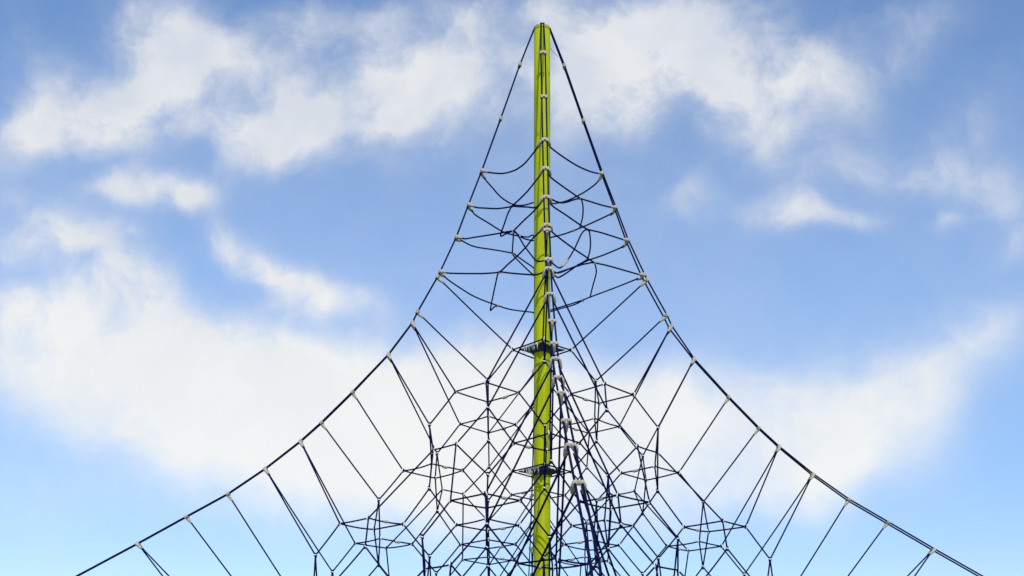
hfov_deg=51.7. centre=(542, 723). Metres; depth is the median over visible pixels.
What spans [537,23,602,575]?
corner cable
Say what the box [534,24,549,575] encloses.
mast
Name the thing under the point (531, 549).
corner cable
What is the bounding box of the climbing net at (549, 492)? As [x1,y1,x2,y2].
[141,240,929,575]
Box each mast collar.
[519,465,562,476]
[520,342,564,355]
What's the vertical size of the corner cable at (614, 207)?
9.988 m
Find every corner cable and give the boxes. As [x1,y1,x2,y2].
[76,24,538,575]
[528,270,533,575]
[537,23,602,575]
[546,24,982,575]
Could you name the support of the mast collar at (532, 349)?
attached to the mast
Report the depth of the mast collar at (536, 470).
12.60 m
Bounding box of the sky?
[0,0,1023,575]
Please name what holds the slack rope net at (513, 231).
hanging from the corner cable at (561, 395)
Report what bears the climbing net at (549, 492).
attached to the corner cable at (561, 395)
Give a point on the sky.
(218, 218)
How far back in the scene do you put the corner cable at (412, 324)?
12.59 m
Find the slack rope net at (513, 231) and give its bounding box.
[444,145,638,312]

----------

● Aim of the task
Restate the listing word for word, pictures excluded.

● Output for this task
hfov_deg=51.7. centre=(542, 723). Metres; depth is the median over visible pixels.
What spans [537,23,602,575]?
corner cable
Say what the box [534,24,549,575] encloses.
mast
Name the thing under the point (531, 549).
corner cable
What is the bounding box of the climbing net at (549, 492)? As [x1,y1,x2,y2].
[141,240,929,575]
Box each mast collar.
[519,465,562,476]
[520,342,564,355]
What's the vertical size of the corner cable at (614, 207)?
9.988 m
Find every corner cable and give the boxes. As [x1,y1,x2,y2].
[76,24,538,575]
[528,270,533,575]
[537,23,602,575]
[546,24,982,575]
Could you name the support of the mast collar at (532, 349)?
attached to the mast
Report the depth of the mast collar at (536, 470).
12.60 m
Bounding box of the sky?
[0,0,1023,575]
Please name what holds the slack rope net at (513, 231).
hanging from the corner cable at (561, 395)
Report what bears the climbing net at (549, 492).
attached to the corner cable at (561, 395)
Give a point on the sky.
(218, 218)
How far back in the scene do you put the corner cable at (412, 324)?
12.59 m
Find the slack rope net at (513, 231) and give its bounding box.
[444,145,638,312]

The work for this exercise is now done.